**Aim of the exercise:** Please show every line from the entries that carries the word "CIRCLE".

(Entries taken from a collection)
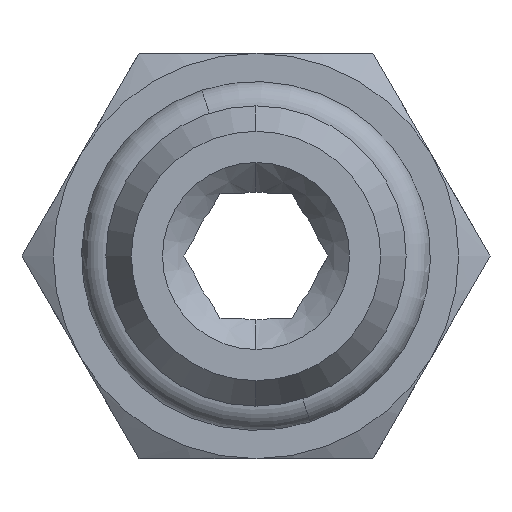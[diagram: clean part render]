
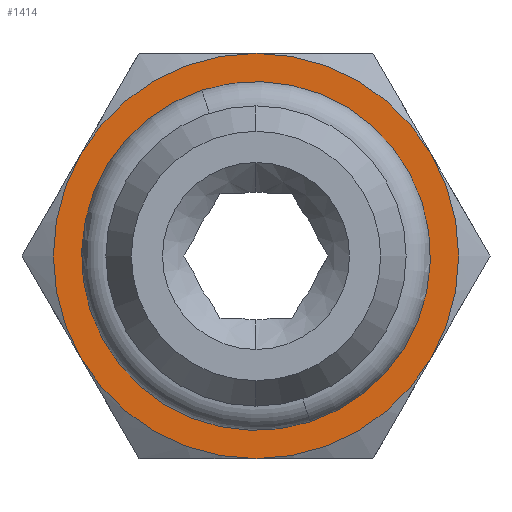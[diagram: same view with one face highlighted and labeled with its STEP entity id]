
A CAD part, front view. The second image highlights one B-rep face of the part: STEP entity #1414.
In plain terms, the highlighted planar face has unit normal (0, -1, 0).
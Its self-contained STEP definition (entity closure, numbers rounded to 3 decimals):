
#246 = CARTESIAN_POINT ( 'NONE',  ( 0., 5.4, -6.5 ) ) ;
#254 = DIRECTION ( 'NONE',  ( 0., -1., 0. ) ) ;
#264 = EDGE_LOOP ( 'NONE', ( #837, #3857 ) ) ;
#332 = CARTESIAN_POINT ( 'NONE',  ( 1.738, 5.4, -5.319 ) ) ;
#529 = VERTEX_POINT ( 'NONE', #246 ) ;
#561 = CIRCLE ( 'NONE', #2323, 5.595 ) ;
#568 = DIRECTION ( 'NONE',  ( 0., -1., 0. ) ) ;
#619 = EDGE_CURVE ( 'NONE', #1469, #2223, #561, .T. ) ;
#723 = FACE_BOUND ( 'NONE', #1461, .T. ) ;
#760 = DIRECTION ( 'NONE',  ( 0., 0., -1. ) ) ;
#775 = CARTESIAN_POINT ( 'NONE',  ( 0., 5.4, 6.5 ) ) ;
#800 = CARTESIAN_POINT ( 'NONE',  ( 6.372, 5.4, 0. ) ) ;
#837 = ORIENTED_EDGE ( 'NONE', *, *, #2866, .T. ) ;
#902 = DIRECTION ( 'NONE',  ( 0., -1., 0. ) ) ;
#1113 = DIRECTION ( 'NONE',  ( 0., -1., 0. ) ) ;
#1293 = PLANE ( 'NONE',  #1806 ) ;
#1414 = ADVANCED_FACE ( 'NONE', ( #2550, #723 ), #1293, .F. ) ;
#1424 = CARTESIAN_POINT ( 'NONE',  ( 0., 5.4, 0. ) ) ;
#1461 = EDGE_LOOP ( 'NONE', ( #2791, #3793 ) ) ;
#1469 = VERTEX_POINT ( 'NONE', #3858 ) ;
#1756 = CARTESIAN_POINT ( 'NONE',  ( 0., 5.4, 0. ) ) ;
#1806 = AXIS2_PLACEMENT_3D ( 'NONE', #800, #3571, #2884 ) ;
#2051 = EDGE_CURVE ( 'NONE', #2336, #529, #2649, .T. ) ;
#2084 = DIRECTION ( 'NONE',  ( 0., 0., -1. ) ) ;
#2223 = VERTEX_POINT ( 'NONE', #332 ) ;
#2307 = DIRECTION ( 'NONE',  ( 0., 0., 1. ) ) ;
#2323 = AXIS2_PLACEMENT_3D ( 'NONE', #1756, #568, #3285 ) ;
#2336 = VERTEX_POINT ( 'NONE', #775 ) ;
#2393 = AXIS2_PLACEMENT_3D ( 'NONE', #3736, #1113, #760 ) ;
#2434 = CIRCLE ( 'NONE', #2753, 6.5 ) ;
#2550 = FACE_OUTER_BOUND ( 'NONE', #264, .T. ) ;
#2649 = CIRCLE ( 'NONE', #2393, 6.5 ) ;
#2753 = AXIS2_PLACEMENT_3D ( 'NONE', #3599, #902, #2084 ) ;
#2791 = ORIENTED_EDGE ( 'NONE', *, *, #3738, .F. ) ;
#2866 = EDGE_CURVE ( 'NONE', #529, #2336, #2434, .T. ) ;
#2884 = DIRECTION ( 'NONE',  ( 0., 0., 1. ) ) ;
#3237 = AXIS2_PLACEMENT_3D ( 'NONE', #1424, #254, #2307 ) ;
#3285 = DIRECTION ( 'NONE',  ( 0., 0., 1. ) ) ;
#3432 = CIRCLE ( 'NONE', #3237, 5.595 ) ;
#3571 = DIRECTION ( 'NONE',  ( 0., 1., 0. ) ) ;
#3599 = CARTESIAN_POINT ( 'NONE',  ( 0., 5.4, 0. ) ) ;
#3736 = CARTESIAN_POINT ( 'NONE',  ( 0., 5.4, 0. ) ) ;
#3738 = EDGE_CURVE ( 'NONE', #2223, #1469, #3432, .T. ) ;
#3793 = ORIENTED_EDGE ( 'NONE', *, *, #619, .F. ) ;
#3857 = ORIENTED_EDGE ( 'NONE', *, *, #2051, .T. ) ;
#3858 = CARTESIAN_POINT ( 'NONE',  ( -1.738, 5.4, 5.319 ) ) ;

**Your solution:**
#561 = CIRCLE ( 'NONE', #2323, 5.595 ) ;
#2434 = CIRCLE ( 'NONE', #2753, 6.5 ) ;
#2649 = CIRCLE ( 'NONE', #2393, 6.5 ) ;
#3432 = CIRCLE ( 'NONE', #3237, 5.595 ) ;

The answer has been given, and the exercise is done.